Namun, rumah itu juga menyimpan kisah paling menyedihkan dalam kehidupan Rasulullah SAW. Pada tahun ke-10 kenabian, Khadijah wafat. Tidak lama kemudian, Abu Thalib yang selama ini melindungi Rasulullah SAW juga meninggal dunia. Periode itu dikenal sebagai ‘Amul Huzni atau Tahun Kesedihan.
Setelah mengalami berbagai cobaan, Rasulullah SAW berdakwah ke Thaif, tetapi justru mendapat penolakan dan perlakuan kasar. Saat kembali ke Makkah, beliau memasuki rumah yang selama ini menjadi tempat berbagi suka dan duka bersama Khadijah.

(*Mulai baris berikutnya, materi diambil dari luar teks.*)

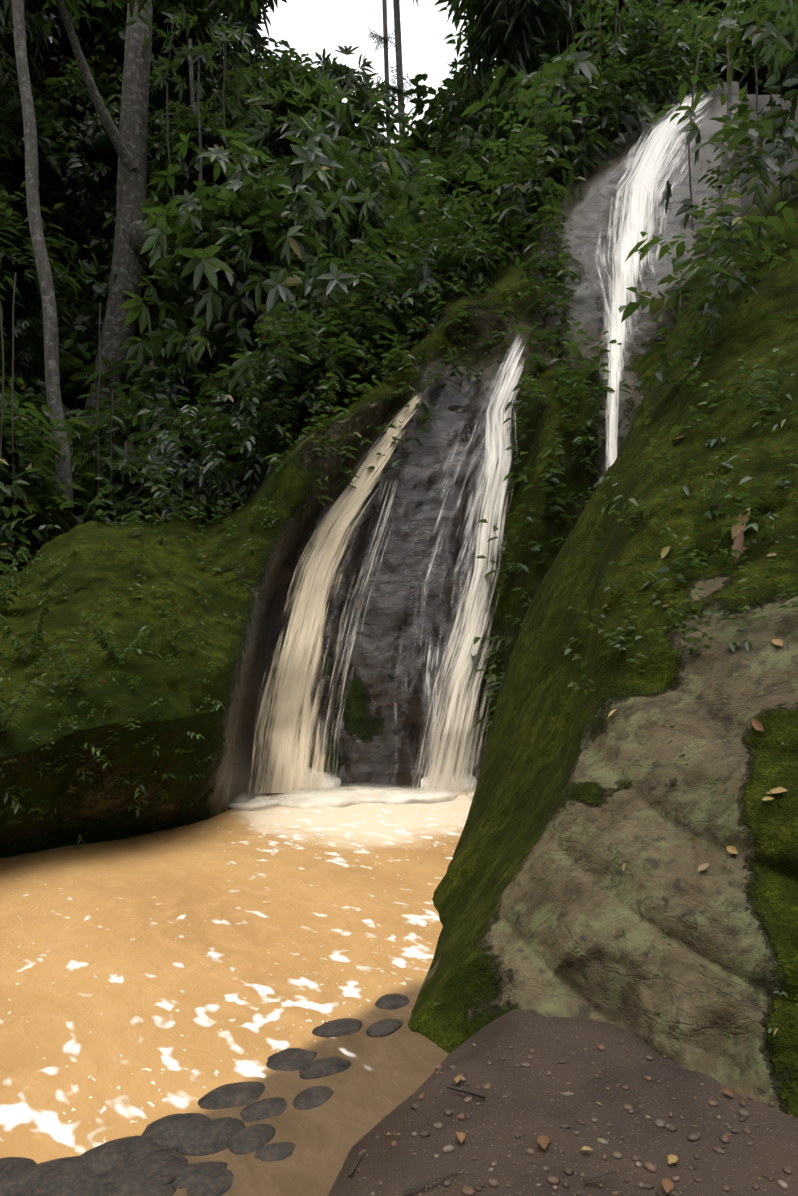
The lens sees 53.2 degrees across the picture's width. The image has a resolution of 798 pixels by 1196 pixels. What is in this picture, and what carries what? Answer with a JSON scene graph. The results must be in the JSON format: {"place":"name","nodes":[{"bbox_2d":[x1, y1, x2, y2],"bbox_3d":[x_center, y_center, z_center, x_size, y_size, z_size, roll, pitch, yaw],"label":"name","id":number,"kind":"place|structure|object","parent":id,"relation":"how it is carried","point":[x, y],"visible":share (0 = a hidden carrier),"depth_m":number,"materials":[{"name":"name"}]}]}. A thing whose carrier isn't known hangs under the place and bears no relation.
{"place":"outdoors","nodes":[
{"label":"outdoors","id":0,"kind":"place"},
{"bbox_2d":[223,0,495,149],"label":"sky","id":1,"kind":"structure","parent":0,"point":[308,26],"materials":[{"name":"white"}]},
{"bbox_2d":[5,94,797,1195],"bbox_3d":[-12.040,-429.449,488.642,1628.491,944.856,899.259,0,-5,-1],"label":"ground","id":2,"kind":"structure","parent":0,"point":[557,1040],"depth_m":2.27,"materials":[{"name":"soil"}]},
{"bbox_2d":[55,0,154,454],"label":"tree trunk","id":3,"kind":"object","parent":2,"relation":"on","point":[129,142],"visible":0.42,"depth_m":16.21,"materials":[{"name":"grey plant"}]},
{"bbox_2d":[0,993,408,1195],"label":"stones","id":4,"kind":"object","parent":2,"relation":"on","point":[148,1162],"visible":0.92,"depth_m":2.45,"materials":[{"name":"grey stone"}]},
{"bbox_2d":[0,786,474,1195],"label":"water pool","id":5,"kind":"structure","parent":2,"relation":"on","point":[146,979],"depth_m":3.87,"materials":[{"name":"orange liquid"}]},
{"bbox_2d":[229,767,476,810],"bbox_3d":[-0.523,2.382,10.222,3.571,1.170,4.100,0,-5,-1],"label":"water foam","id":6,"kind":"object","parent":5,"relation":"in","point":[317,798],"visible":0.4,"depth_m":8.65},
{"bbox_2d":[0,81,740,857],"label":"cliff rocks","id":7,"kind":"object","parent":2,"relation":"on","point":[374,747],"depth_m":9.82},
{"bbox_2d":[248,395,419,793],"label":"waterfall","id":8,"kind":"object","parent":7,"relation":"attached to","point":[289,752],"visible":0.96,"depth_m":9.38,"materials":[{"name":"liquid"}]},
{"bbox_2d":[308,471,398,788],"bbox_3d":[-0.482,0.256,9.971,1.458,4.092,0.370,4,-7,-41],"label":"trickle","id":9,"kind":"object","parent":7,"relation":"attached to","point":[351,648],"visible":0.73,"depth_m":9.85,"materials":[{"name":"liquid"}]},
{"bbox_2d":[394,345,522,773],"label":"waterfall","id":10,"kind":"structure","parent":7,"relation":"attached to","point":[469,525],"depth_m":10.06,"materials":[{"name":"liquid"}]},
{"bbox_2d":[409,335,524,791],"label":"waterfall","id":11,"kind":"object","parent":7,"relation":"attached to","point":[463,660],"visible":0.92,"depth_m":9.62,"materials":[{"name":"liquid"}]},
{"bbox_2d":[605,96,694,470],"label":"waterfall","id":12,"kind":"object","parent":7,"relation":"on","point":[644,175],"visible":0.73,"depth_m":12.40,"materials":[{"name":"liquid"}]},
{"bbox_2d":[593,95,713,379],"bbox_3d":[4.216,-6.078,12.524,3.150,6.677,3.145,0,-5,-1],"label":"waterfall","id":13,"kind":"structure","parent":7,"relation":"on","point":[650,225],"depth_m":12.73,"materials":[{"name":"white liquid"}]},
{"bbox_2d":[12,0,731,509],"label":"tree trunks","id":14,"kind":"object","parent":2,"relation":"on","point":[50,318],"visible":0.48,"depth_m":12.51,"materials":[{"name":"grey plant"}]},
{"bbox_2d":[0,0,797,1040],"bbox_3d":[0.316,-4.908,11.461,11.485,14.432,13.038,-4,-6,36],"label":"plants","id":15,"kind":"object","parent":2,"relation":"on","point":[200,262],"visible":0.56,"depth_m":11.06,"materials":[{"name":"green plant"}]},
{"bbox_2d":[0,0,797,573],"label":"leaves","id":16,"kind":"object","parent":2,"relation":"on","point":[102,150],"visible":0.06,"depth_m":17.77,"materials":[{"name":"green plant"}]},
{"bbox_2d":[0,0,782,508],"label":"hanging vines","id":17,"kind":"object","parent":16,"relation":"hanging from","point":[242,188],"visible":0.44,"depth_m":12.76,"materials":[{"name":"plant"}]},
{"bbox_2d":[348,436,787,1195],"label":"fallen leaves","id":18,"kind":"object","parent":2,"relation":"on","point":[756,724],"depth_m":2.50,"materials":[{"name":"brown plant"}]},
{"bbox_2d":[344,1034,797,1195],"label":"bank pebbles","id":19,"kind":"object","parent":2,"relation":"on","point":[744,1114],"visible":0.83,"depth_m":2.20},
{"bbox_2d":[408,167,797,1117],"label":"foreground rock","id":20,"kind":"object","parent":2,"relation":"on","point":[582,795],"visible":0.71,"depth_m":3.66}
]}

“Ketika beliau sampai di rumah ini, beliau masuk. Dan sudah tidak ada lagi Khadijah. Sudah tidak ada lagi sang istri tercinta yang biasa menyambut beliau dalam suka dan duka,” tutur Musyaddad.
Di tengah masa penuh ujian itulah Allah SWT menghibur Rasulullah SAW melalui peristiwa Isra Mi’raj. Dari Masjidil Haram, beliau diperjalankan menuju Masjidil Aqsa hingga Sidratul Muntaha dan menerima perintah salat lima waktu.

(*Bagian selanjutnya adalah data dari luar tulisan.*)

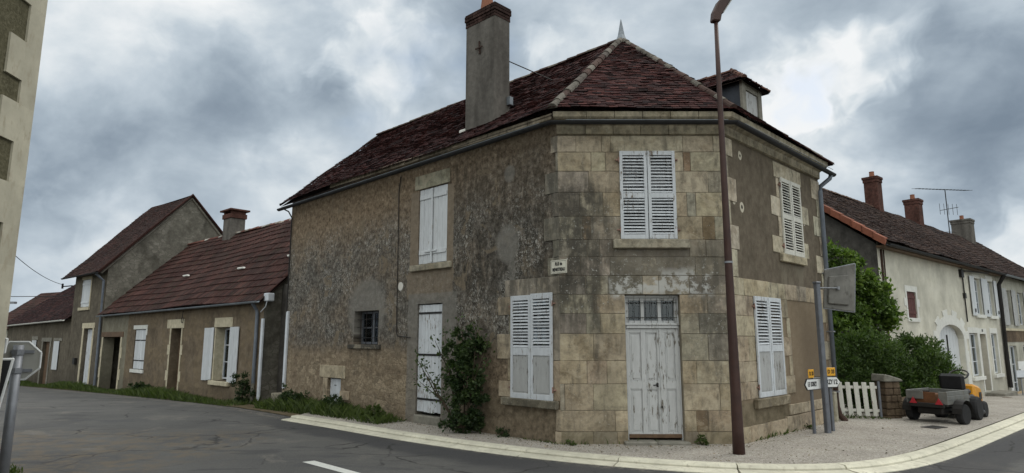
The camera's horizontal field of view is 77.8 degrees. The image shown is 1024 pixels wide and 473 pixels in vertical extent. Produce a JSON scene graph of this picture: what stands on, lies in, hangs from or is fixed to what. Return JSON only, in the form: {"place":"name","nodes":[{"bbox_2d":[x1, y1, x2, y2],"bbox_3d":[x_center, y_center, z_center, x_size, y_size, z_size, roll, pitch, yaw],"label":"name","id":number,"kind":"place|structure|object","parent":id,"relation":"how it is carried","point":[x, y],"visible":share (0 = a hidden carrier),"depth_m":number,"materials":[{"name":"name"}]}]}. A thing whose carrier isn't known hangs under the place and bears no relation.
{"place":"outdoors","nodes":[
{"label":"outdoors","id":0,"kind":"place"},
{"bbox_2d":[8,384,300,415],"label":"verge soil","id":1,"kind":"structure","parent":0,"point":[248,406],"depth_m":16.93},
{"bbox_2d":[127,381,150,390],"bbox_3d":[-14.041,5.725,23.950,0.769,0.604,0.737,0,-9,0],"label":"weed","id":2,"kind":"object","parent":1,"relation":"on","point":[140,384],"visible":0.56,"depth_m":23.80,"materials":[{"name":"green plant"}]},
{"bbox_2d":[229,371,255,407],"bbox_3d":[-7.894,4.468,18.593,0.800,1.104,0.601,7,-11,-37],"label":"weed","id":3,"kind":"object","parent":1,"relation":"on","point":[244,389],"visible":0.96,"depth_m":18.57,"materials":[{"name":"green plant"}]},
{"bbox_2d":[277,383,289,400],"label":"weed","id":4,"kind":"object","parent":1,"relation":"on","point":[283,394],"visible":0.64,"depth_m":16.82,"materials":[{"name":"green plant"}]},
{"bbox_2d":[0,385,1023,472],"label":"road","id":5,"kind":"structure","parent":0,"point":[61,431],"depth_m":10.73,"materials":[{"name":"grey asphalt"}]},
{"bbox_2d":[0,338,14,406],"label":"leaning sign","id":6,"kind":"object","parent":5,"relation":"on","point":[7,365],"visible":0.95,"depth_m":6.43,"materials":[{"name":"white metal"}]},
{"bbox_2d":[9,464,22,472],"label":"grass patch","id":7,"kind":"object","parent":5,"relation":"on","point":[13,470],"visible":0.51,"depth_m":8.61,"materials":[{"name":"green plant"}]},
{"bbox_2d":[0,341,41,472],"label":"stop sign","id":8,"kind":"object","parent":5,"relation":"on","point":[26,356],"visible":0.86,"depth_m":7.30,"materials":[{"name":"grey metal"}]},
{"bbox_2d":[304,461,357,472],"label":"road marking","id":9,"kind":"object","parent":5,"relation":"on","point":[328,466],"visible":1,"depth_m":9.04,"materials":[{"name":"paint"}]},
{"bbox_2d":[9,0,1023,311],"label":"sky","id":10,"kind":"structure","parent":0,"point":[141,105],"materials":[{"name":"grey"}]},
{"bbox_2d":[26,386,1023,452],"bbox_3d":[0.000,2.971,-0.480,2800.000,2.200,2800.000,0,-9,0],"label":"ground","id":11,"kind":"structure","parent":0,"point":[908,452],"depth_m":15.81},
{"bbox_2d":[0,0,47,376],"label":"house","id":12,"kind":"structure","parent":11,"relation":"on","point":[22,24],"depth_m":6.33,"materials":[{"name":"paint"}]},
{"bbox_2d":[6,292,59,337],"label":"house","id":13,"kind":"structure","parent":11,"relation":"on","point":[25,307],"depth_m":51.25,"materials":[{"name":"tile"}]},
{"bbox_2d":[7,285,74,383],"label":"house","id":14,"kind":"structure","parent":11,"relation":"on","point":[44,327],"depth_m":34.35,"materials":[{"name":"tile"}]},
{"bbox_2d":[42,342,49,383],"bbox_3d":[-24.782,6.775,33.910,1.190,2.230,0.060,-8,-12,39],"label":"front door","id":15,"kind":"structure","parent":14,"relation":"in","point":[48,343],"depth_m":34.10,"materials":[{"name":"brown wood"}]},
{"bbox_2d":[61,194,222,386],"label":"gabled house","id":16,"kind":"structure","parent":11,"relation":"on","point":[144,245],"depth_m":30.89,"materials":[{"name":"paint"}]},
{"bbox_2d":[16,256,62,284],"bbox_3d":[-19.548,1.224,26.094,0.022,0.623,13.382,5,-10,-27],"label":"overhead wire","id":17,"kind":"object","parent":16,"relation":"attached to","point":[38,273],"visible":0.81,"depth_m":26.53,"materials":[{"name":"metal"}]},
{"bbox_2d":[83,329,91,384],"bbox_3d":[-19.915,5.719,29.941,1.114,2.650,0.025,-8,-12,39],"label":"board door","id":18,"kind":"structure","parent":16,"relation":"in","point":[89,337],"depth_m":30.11,"materials":[{"name":"white paint"}]},
{"bbox_2d":[96,208,290,401],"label":"cottage","id":19,"kind":"structure","parent":11,"relation":"on","point":[191,318],"depth_m":23.24,"materials":[{"name":"tile"}]},
{"bbox_2d":[176,339,180,389],"bbox_3d":[-12.023,4.735,23.182,0.900,1.980,0.060,-8,-12,41],"label":"front door","id":20,"kind":"structure","parent":19,"relation":"in","point":[179,339],"depth_m":23.41,"materials":[{"name":"brown wood"}]},
{"bbox_2d":[222,328,229,378],"bbox_3d":[-9.158,3.821,20.724,1.040,1.640,0.050,-8,-12,41],"label":"window","id":21,"kind":"structure","parent":19,"relation":"in","point":[227,330],"depth_m":20.99,"materials":[{"name":"white paint"}]},
{"bbox_2d":[260,293,274,311],"bbox_3d":[-7.298,1.976,18.956,0.428,0.560,0.212,-8,-12,41],"label":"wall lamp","id":22,"kind":"object","parent":19,"relation":"attached to","point":[269,297],"visible":1,"depth_m":18.84,"materials":[{"name":"white plastic"}]},
{"bbox_2d":[7,379,406,424],"bbox_3d":[-16.857,6.249,26.106,38.855,1.193,1.703,-8,-12,41],"label":"grass strip","id":23,"kind":"object","parent":11,"relation":"on","point":[311,405],"depth_m":17.06,"materials":[{"name":"green plant"}]},
{"bbox_2d":[285,388,309,403],"bbox_3d":[-5.556,4.183,16.439,0.547,0.506,0.645,6,-11,-32],"label":"weed","id":24,"kind":"object","parent":23,"relation":"on","point":[295,395],"visible":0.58,"depth_m":16.38,"materials":[{"name":"green plant"}]},
{"bbox_2d":[321,393,346,407],"bbox_3d":[-4.219,3.965,15.193,0.605,0.427,0.547,-4,-10,22],"label":"weed","id":25,"kind":"object","parent":23,"relation":"on","point":[330,399],"visible":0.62,"depth_m":15.11,"materials":[{"name":"green plant"}]},
{"bbox_2d":[271,392,289,402],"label":"stone block","id":26,"kind":"structure","parent":11,"relation":"on","point":[275,394],"depth_m":17.20,"materials":[{"name":"stone"}]},
{"bbox_2d":[277,284,287,391],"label":"passage wall","id":27,"kind":"structure","parent":11,"relation":"on","point":[281,340],"depth_m":19.13,"materials":[{"name":"grey concrete"}]},
{"bbox_2d":[277,0,847,445],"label":"corner house","id":28,"kind":"structure","parent":11,"relation":"on","point":[491,196],"depth_m":12.12,"materials":[{"name":"stone"}]},
{"bbox_2d":[330,379,340,401],"bbox_3d":[-4.396,3.894,15.863,0.534,0.667,0.025,-9,-13,43],"label":"hatch door","id":29,"kind":"structure","parent":28,"relation":"in","point":[334,389],"depth_m":15.89,"materials":[{"name":"white paint"}]},
{"bbox_2d":[357,311,378,343],"bbox_3d":[-3.368,2.192,15.276,1.020,0.780,0.180,-9,-13,43],"label":"window","id":30,"kind":"structure","parent":28,"relation":"in","point":[370,320],"depth_m":15.41,"materials":[{"name":"glass"}]},
{"bbox_2d":[417,304,441,413],"bbox_3d":[-1.737,2.570,13.427,0.794,2.252,0.034,-9,-13,43],"label":"board door","id":31,"kind":"structure","parent":28,"relation":"in","point":[430,316],"depth_m":13.43,"materials":[{"name":"white paint"}]},
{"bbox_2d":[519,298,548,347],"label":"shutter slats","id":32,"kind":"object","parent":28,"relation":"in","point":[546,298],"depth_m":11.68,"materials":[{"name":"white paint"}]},
{"bbox_2d":[551,259,566,273],"bbox_3d":[0.821,0.531,11.167,0.370,0.240,0.013,-9,-13,43],"label":"street name sign","id":33,"kind":"object","parent":28,"relation":"attached to","point":[558,266],"visible":1,"depth_m":11.16,"materials":[{"name":"metal"}]},
{"bbox_2d":[622,155,671,231],"bbox_3d":[2.430,-0.706,11.629,0.940,1.580,0.117,0,-9,0],"label":"window","id":34,"kind":"structure","parent":28,"relation":"in","point":[646,155],"depth_m":11.67,"materials":[{"name":"white paint"}]},
{"bbox_2d":[625,298,676,322],"bbox_3d":[2.450,1.314,11.245,0.900,0.450,0.153,0,-9,0],"label":"transom window","id":35,"kind":"structure","parent":28,"relation":"in","point":[638,310],"depth_m":11.24,"materials":[{"name":"paint"}]},
{"bbox_2d":[625,295,683,439],"bbox_3d":[2.450,2.272,11.031,0.950,2.490,0.176,0,-9,0],"label":"front door","id":36,"kind":"structure","parent":28,"relation":"in","point":[654,390],"depth_m":10.99,"materials":[{"name":"paint"}]},
{"bbox_2d":[753,301,767,394],"bbox_3d":[4.674,2.084,12.062,0.050,1.790,1.100,-9,-13,44],"label":"window","id":37,"kind":"structure","parent":28,"relation":"in","point":[756,301],"depth_m":12.29,"materials":[{"name":"white paint"}]},
{"bbox_2d":[779,186,791,249],"bbox_3d":[5.727,-0.350,13.522,0.960,1.560,0.050,9,-13,-44],"label":"window","id":38,"kind":"structure","parent":28,"relation":"in","point":[782,186],"depth_m":13.78,"materials":[{"name":"white paint"}]},
{"bbox_2d":[282,413,1023,472],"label":"kerb","id":39,"kind":"structure","parent":11,"relation":"on","point":[955,447],"depth_m":9.75,"materials":[{"name":"concrete"}]},
{"bbox_2d":[827,236,911,360],"bbox_3d":[9.494,2.444,17.753,2.759,4.895,2.440,0,-9,0],"label":"leafy tree","id":40,"kind":"object","parent":11,"relation":"on","point":[876,303],"visible":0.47,"depth_m":17.42,"materials":[{"name":"green plant"}]},
{"bbox_2d":[822,171,1013,400],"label":"cream house","id":41,"kind":"structure","parent":11,"relation":"on","point":[952,298],"depth_m":23.84,"materials":[{"name":"paint"}]},
{"bbox_2d":[940,325,961,373],"bbox_3d":[15.762,4.924,22.869,2.908,3.467,0.080,8,-12,-40],"label":"gateway door","id":42,"kind":"structure","parent":41,"relation":"in","point":[948,334],"depth_m":23.42,"materials":[{"name":"white paint"}]},
{"bbox_2d":[969,334,978,375],"bbox_3d":[17.888,4.596,24.706,1.160,1.620,0.050,8,-12,-40],"label":"window","id":43,"kind":"structure","parent":41,"relation":"in","point":[972,337],"depth_m":24.94,"materials":[{"name":"white paint"}]},
{"bbox_2d":[974,280,979,313],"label":"window","id":44,"kind":"structure","parent":41,"relation":"in","point":[975,283],"depth_m":26.16,"materials":[{"name":"white paint"}]},
{"bbox_2d":[987,283,992,315],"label":"window","id":45,"kind":"structure","parent":41,"relation":"in","point":[987,283],"depth_m":27.43,"materials":[{"name":"white paint"}]},
{"bbox_2d":[991,334,997,372],"bbox_3d":[20.152,4.909,26.649,0.900,1.620,0.050,8,-12,-40],"label":"window","id":46,"kind":"structure","parent":41,"relation":"in","point":[992,336],"depth_m":26.88,"materials":[{"name":"white paint"}]},
{"bbox_2d":[884,211,1023,393],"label":"neighbour house","id":47,"kind":"structure","parent":11,"relation":"on","point":[1012,286],"depth_m":30.21,"materials":[{"name":"stone"}]},
{"bbox_2d":[914,188,970,232],"bbox_3d":[26.954,-1.504,39.571,3.624,3.082,0.705,1,-9,-8],"label":"tv antenna","id":48,"kind":"object","parent":47,"relation":"on","point":[948,208],"visible":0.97,"depth_m":39.65,"materials":[{"name":"metal"}]},
{"bbox_2d":[1009,346,1018,390],"bbox_3d":[22.454,6.141,28.477,1.260,2.410,0.050,8,-12,-40],"label":"door","id":49,"kind":"structure","parent":47,"relation":"in","point":[1011,348],"depth_m":28.76,"materials":[{"name":"white paint"}]},
{"bbox_2d":[1017,294,1022,324],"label":"window","id":50,"kind":"structure","parent":47,"relation":"in","point":[1018,298],"depth_m":30.85,"materials":[{"name":"white paint"}]},
{"bbox_2d":[301,393,1023,463],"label":"pavement","id":51,"kind":"structure","parent":0,"point":[890,440],"depth_m":10.98,"materials":[{"name":"grey concrete"}]},
{"bbox_2d":[358,403,385,419],"bbox_3d":[-3.047,3.829,13.779,0.614,0.428,0.613,0,-9,0],"label":"weed","id":52,"kind":"object","parent":51,"relation":"on","point":[378,408],"visible":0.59,"depth_m":13.73,"materials":[{"name":"green plant"}]},
{"bbox_2d":[411,312,494,433],"bbox_3d":[-1.161,2.653,12.236,1.983,2.383,0.780,-4,-10,24],"label":"rose bush","id":53,"kind":"object","parent":51,"relation":"on","point":[458,420],"visible":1,"depth_m":12.02,"materials":[{"name":"green plant"}]},
{"bbox_2d":[495,426,509,437],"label":"weed","id":54,"kind":"object","parent":51,"relation":"on","point":[502,432],"visible":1,"depth_m":11.51,"materials":[{"name":"green plant"}]},
{"bbox_2d":[565,439,576,445],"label":"weed","id":55,"kind":"object","parent":51,"relation":"on","point":[570,443],"visible":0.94,"depth_m":10.57,"materials":[{"name":"green plant"}]},
{"bbox_2d":[512,413,890,444],"bbox_3d":[3.766,3.717,12.325,10.105,0.188,3.344,2,-9,-12],"label":"grass strip","id":56,"kind":"object","parent":51,"relation":"on","point":[787,430],"depth_m":11.53,"materials":[{"name":"green plant"}]},
{"bbox_2d":[694,434,709,445],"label":"weed","id":57,"kind":"object","parent":51,"relation":"on","point":[700,439],"visible":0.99,"depth_m":10.60,"materials":[{"name":"green plant"}]},
{"bbox_2d":[710,0,744,454],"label":"street lamp","id":58,"kind":"object","parent":51,"relation":"on","point":[718,11],"visible":0.94,"depth_m":10.18,"materials":[{"name":"brown paint"}]},
{"bbox_2d":[804,369,820,433],"bbox_3d":[5.698,3.137,11.998,0.650,1.230,0.077,7,-12,-37],"label":"direction sign","id":59,"kind":"object","parent":51,"relation":"on","point":[812,384],"visible":1,"depth_m":11.98,"materials":[{"name":"white metal"}]},
{"bbox_2d":[814,368,839,430],"bbox_3d":[6.087,3.171,12.272,0.630,1.250,0.077,2,-9,-14],"label":"direction sign","id":60,"kind":"object","parent":51,"relation":"on","point":[833,380],"visible":0.76,"depth_m":12.31,"materials":[{"name":"white metal"}]},
{"bbox_2d":[812,263,855,432],"bbox_3d":[6.352,2.155,12.379,0.936,3.290,0.244,2,-9,-12],"label":"road sign","id":61,"kind":"object","parent":51,"relation":"on","point":[839,285],"visible":0.94,"depth_m":12.49,"materials":[{"name":"grey metal"}]},
{"bbox_2d":[838,381,882,417],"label":"picket gate","id":62,"kind":"structure","parent":51,"relation":"on","point":[872,387],"depth_m":14.36,"materials":[{"name":"beige paint"}]},
{"bbox_2d":[834,326,922,412],"bbox_3d":[8.876,3.451,15.917,2.643,2.423,1.863,0,-9,0],"label":"shrub","id":63,"kind":"object","parent":51,"relation":"on","point":[864,359],"visible":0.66,"depth_m":15.63,"materials":[{"name":"green plant"}]},
{"bbox_2d":[871,373,901,418],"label":"stone pier","id":64,"kind":"structure","parent":51,"relation":"on","point":[891,397],"depth_m":14.27,"materials":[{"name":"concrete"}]},
{"bbox_2d":[902,397,906,416],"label":"garden wall","id":65,"kind":"structure","parent":51,"relation":"on","point":[904,413],"depth_m":14.46,"materials":[{"name":"stone"}]},
{"bbox_2d":[874,327,963,396],"bbox_3d":[10.370,3.583,16.391,2.085,2.467,2.874,-7,-12,38],"label":"shrub","id":66,"kind":"object","parent":51,"relation":"on","point":[933,363],"visible":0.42,"depth_m":16.16,"materials":[{"name":"green plant"}]},
{"bbox_2d":[922,425,946,428],"bbox_3d":[8.470,3.821,12.736,0.450,0.006,0.300,5,-11,-30],"label":"manhole cover","id":67,"kind":"object","parent":51,"relation":"on","point":[934,427],"visible":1,"depth_m":12.69,"materials":[{"name":"metal"}]},
{"bbox_2d":[902,388,973,424],"bbox_3d":[9.469,3.681,13.872,1.763,0.683,1.160,6,-11,-33],"label":"trailer","id":68,"kind":"object","parent":51,"relation":"on","point":[957,403],"visible":0.94,"depth_m":13.40,"materials":[{"name":"metal"}]},
{"bbox_2d":[916,392,937,402],"bbox_3d":[8.988,3.441,13.631,0.470,0.230,0.380,6,-11,-33],"label":"plywood sheet","id":69,"kind":"object","parent":68,"relation":"in","point":[930,397],"visible":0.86,"depth_m":13.45,"materials":[{"name":"brown wood"}]},
{"bbox_2d":[934,369,988,419],"bbox_3d":[10.292,3.595,14.557,1.313,1.080,0.860,8,-12,-40],"label":"ride on mower","id":70,"kind":"object","parent":51,"relation":"on","point":[976,401],"visible":0.53,"depth_m":14.19,"materials":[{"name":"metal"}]},
{"bbox_2d":[987,390,1023,396],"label":"entrance step","id":71,"kind":"object","parent":51,"relation":"on","point":[1002,393],"visible":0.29,"depth_m":24.89,"materials":[{"name":"concrete"}]},
{"bbox_2d":[1016,369,1023,394],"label":"plate post","id":72,"kind":"object","parent":71,"relation":"on","point":[1020,373],"visible":0.83,"depth_m":25.80,"materials":[{"name":"white plastic"}]},
{"bbox_2d":[1017,361,1023,369],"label":"blank sign","id":73,"kind":"object","parent":72,"relation":"attached to","point":[1021,365],"visible":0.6,"depth_m":26.54,"materials":[{"name":"white metal"}]},
{"bbox_2d":[334,413,997,462],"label":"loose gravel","id":74,"kind":"structure","parent":0,"point":[666,445],"depth_m":10.76,"materials":[{"name":"grey gravel"}]}
]}

Musyaddad mengatakan, peristiwa itu mengajarkan bahwa setelah ujian yang berat, Allah memberikan jalan penguatan melalui ibadah salat.
“Di sinilah kita mengerti bahwa seberat apa pun masalah kita di dalam kehidupan dunia ini jawabannya adalah salat,” ujarnya.
Bagi umat Islam, lokasi bekas Rumah Khadijah bukan sekadar penanda sejarah. Tempat itu menjadi saksi perjalanan dakwah Rasulullah SAW, mulai dari turunnya wahyu pertama, lahirnya keluarga teladan, pengorbanan Siti Khadijah RA, masa-masa penuh kesedihan, hingga menjelang peristiwa Isra Mi’raj yang menguatkan perjuangan Rasulullah SAW dalam menyebarkan Islam.